With five nationally televised games, including three on the major holidays of Thanksgiving, Christmas and New Year's, the Packers will be getting the full post-Super Bowl spotlight this season. And it starts Thursday night, Sept. 8 at home against the New Orleans Saints, in the NFL's showcase kickoff game of the year. Some defending champions welcome that exposure and pressure, and some shrink from it. The Super Bowl champs always get everyone's best shot the following year, and much of it plays out on the biggest of stages, week by week.
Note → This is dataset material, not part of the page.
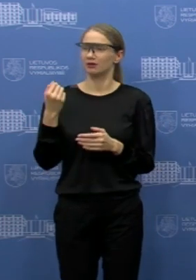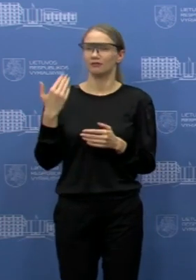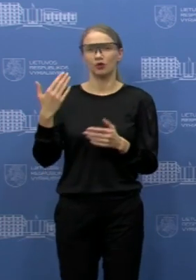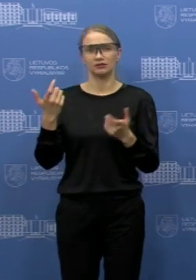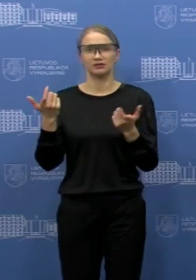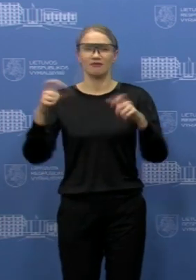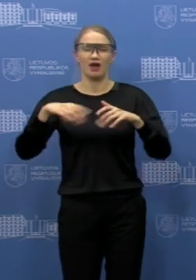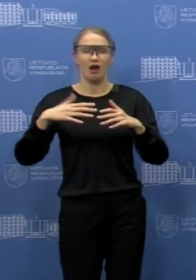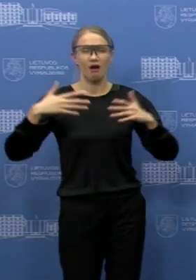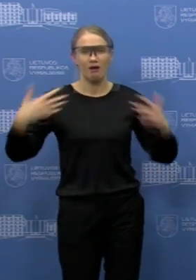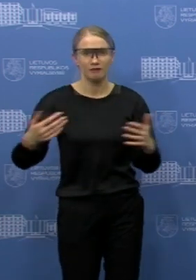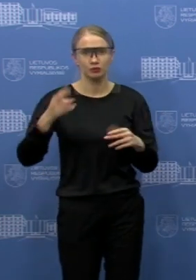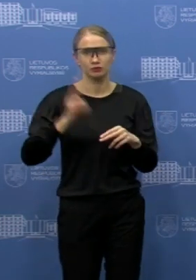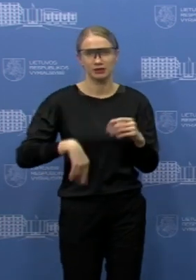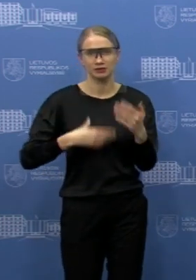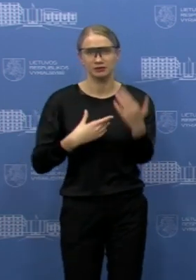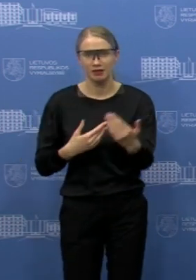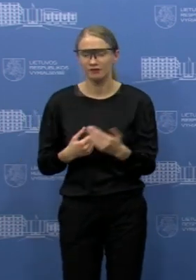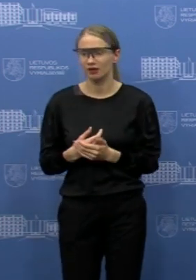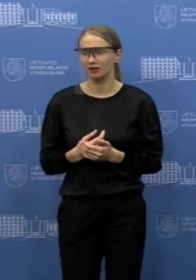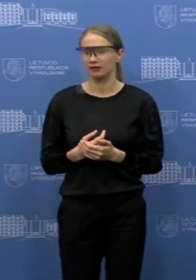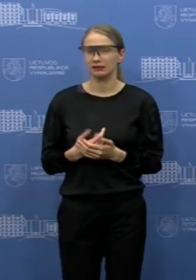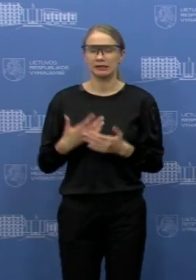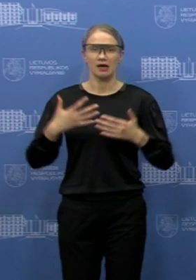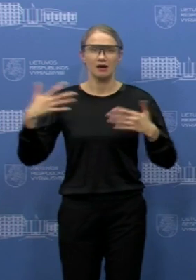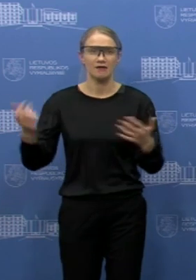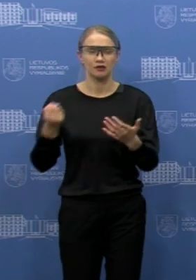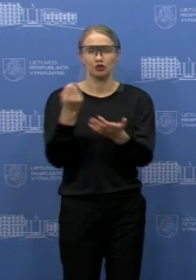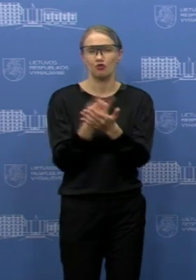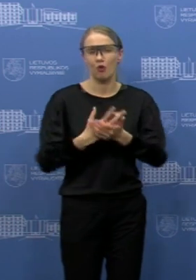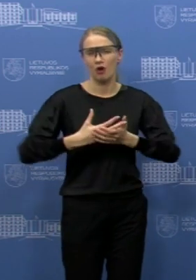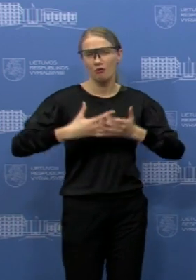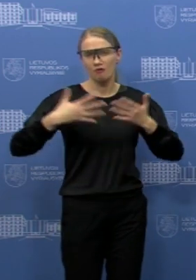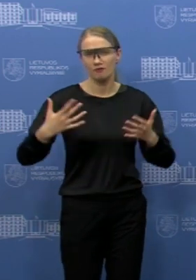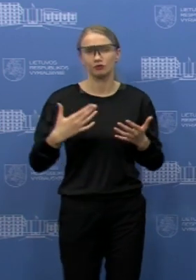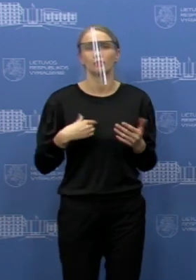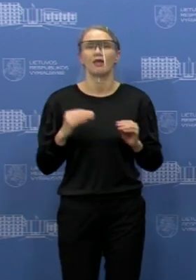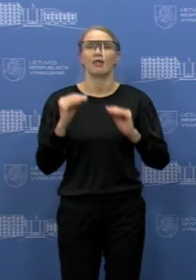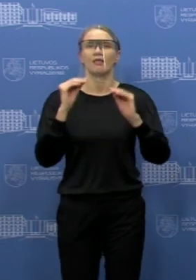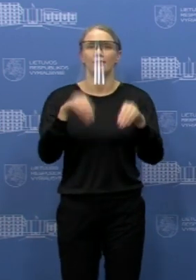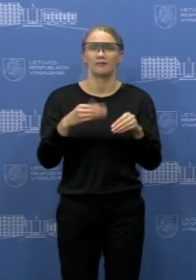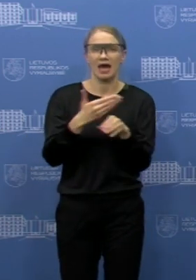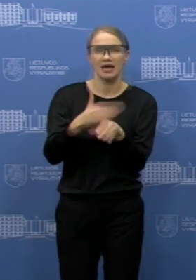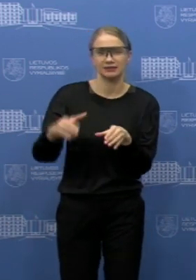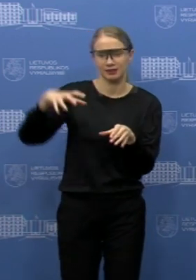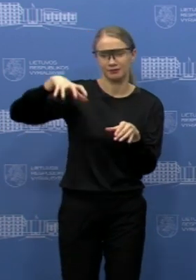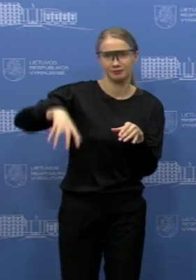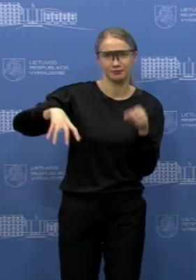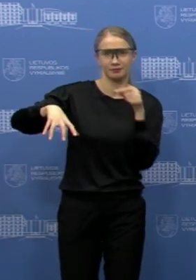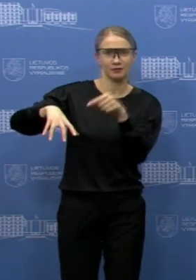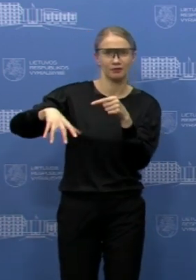būdus, sprendimo kelius, galbūt didesnėse gydimo įsteigose, jis įsteigia tam tikras, nes, sakykim,

"Our thing is, everyone's going to get our best shot too,'' Jennings said. "We want to deliver it before we take it. But we put ourselves into this position, and that's the treatment we get. We know the spotlight's going to be on us all year. We understand that. But I think from what we've put together here, from top to bottom, we'll have the pieces for a few years that allows us to contend at a high level. Now, whether we come together as a team and get it done, that's a different story.''

It's a story that people in Green Bay, aka "Titletown,'' can't wait to see unfold. But we're at that point of the year when people are only talking about the strength of football teams on paper, not on the field. We're only in the opening days of learning whether the Packers title defense will follow the expected script.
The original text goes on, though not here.